Aim of the exercise: In the entries that follow, find the line containing "An aerial image. It shows: Disc golf hole."; from there, copy every line exactly through the line containing "Object type: Drawing".

Stored entries
........

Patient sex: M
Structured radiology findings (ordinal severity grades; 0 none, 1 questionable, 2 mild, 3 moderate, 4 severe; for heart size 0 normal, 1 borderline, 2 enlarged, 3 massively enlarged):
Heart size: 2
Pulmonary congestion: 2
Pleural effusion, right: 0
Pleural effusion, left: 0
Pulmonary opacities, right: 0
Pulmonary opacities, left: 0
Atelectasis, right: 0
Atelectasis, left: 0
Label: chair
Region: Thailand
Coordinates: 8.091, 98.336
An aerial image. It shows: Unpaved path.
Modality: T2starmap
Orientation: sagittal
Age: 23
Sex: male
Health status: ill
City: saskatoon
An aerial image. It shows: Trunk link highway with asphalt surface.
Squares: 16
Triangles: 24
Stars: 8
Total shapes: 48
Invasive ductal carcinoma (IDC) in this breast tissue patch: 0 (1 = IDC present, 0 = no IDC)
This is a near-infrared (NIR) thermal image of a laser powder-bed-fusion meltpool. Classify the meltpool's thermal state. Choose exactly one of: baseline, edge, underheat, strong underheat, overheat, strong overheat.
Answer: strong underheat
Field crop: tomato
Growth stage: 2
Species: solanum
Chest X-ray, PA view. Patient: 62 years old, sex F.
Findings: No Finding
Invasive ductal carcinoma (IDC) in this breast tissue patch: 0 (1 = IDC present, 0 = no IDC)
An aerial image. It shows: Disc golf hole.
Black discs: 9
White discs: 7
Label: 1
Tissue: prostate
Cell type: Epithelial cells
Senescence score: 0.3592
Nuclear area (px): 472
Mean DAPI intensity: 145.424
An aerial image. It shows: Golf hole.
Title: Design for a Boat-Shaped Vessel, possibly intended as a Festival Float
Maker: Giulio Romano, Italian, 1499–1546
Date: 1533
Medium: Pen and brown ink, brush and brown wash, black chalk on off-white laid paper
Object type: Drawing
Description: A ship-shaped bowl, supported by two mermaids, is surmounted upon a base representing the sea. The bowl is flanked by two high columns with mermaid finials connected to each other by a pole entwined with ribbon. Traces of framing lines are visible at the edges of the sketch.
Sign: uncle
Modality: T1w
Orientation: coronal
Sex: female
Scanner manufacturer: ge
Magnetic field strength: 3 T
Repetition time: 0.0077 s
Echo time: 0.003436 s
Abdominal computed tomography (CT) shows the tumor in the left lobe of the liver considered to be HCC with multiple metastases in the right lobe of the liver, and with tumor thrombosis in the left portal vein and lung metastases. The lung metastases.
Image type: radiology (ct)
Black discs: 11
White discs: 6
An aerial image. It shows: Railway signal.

........

Result of the task:
An aerial image. It shows: Disc golf hole.
Black discs: 9
White discs: 7
Label: 1
Tissue: prostate
Cell type: Epithelial cells
Senescence score: 0.3592
Nuclear area (px): 472
Mean DAPI intensity: 145.424
An aerial image. It shows: Golf hole.
Title: Design for a Boat-Shaped Vessel, possibly intended as a Festival Float
Maker: Giulio Romano, Italian, 1499–1546
Date: 1533
Medium: Pen and brown ink, brush and brown wash, black chalk on off-white laid paper
Object type: Drawing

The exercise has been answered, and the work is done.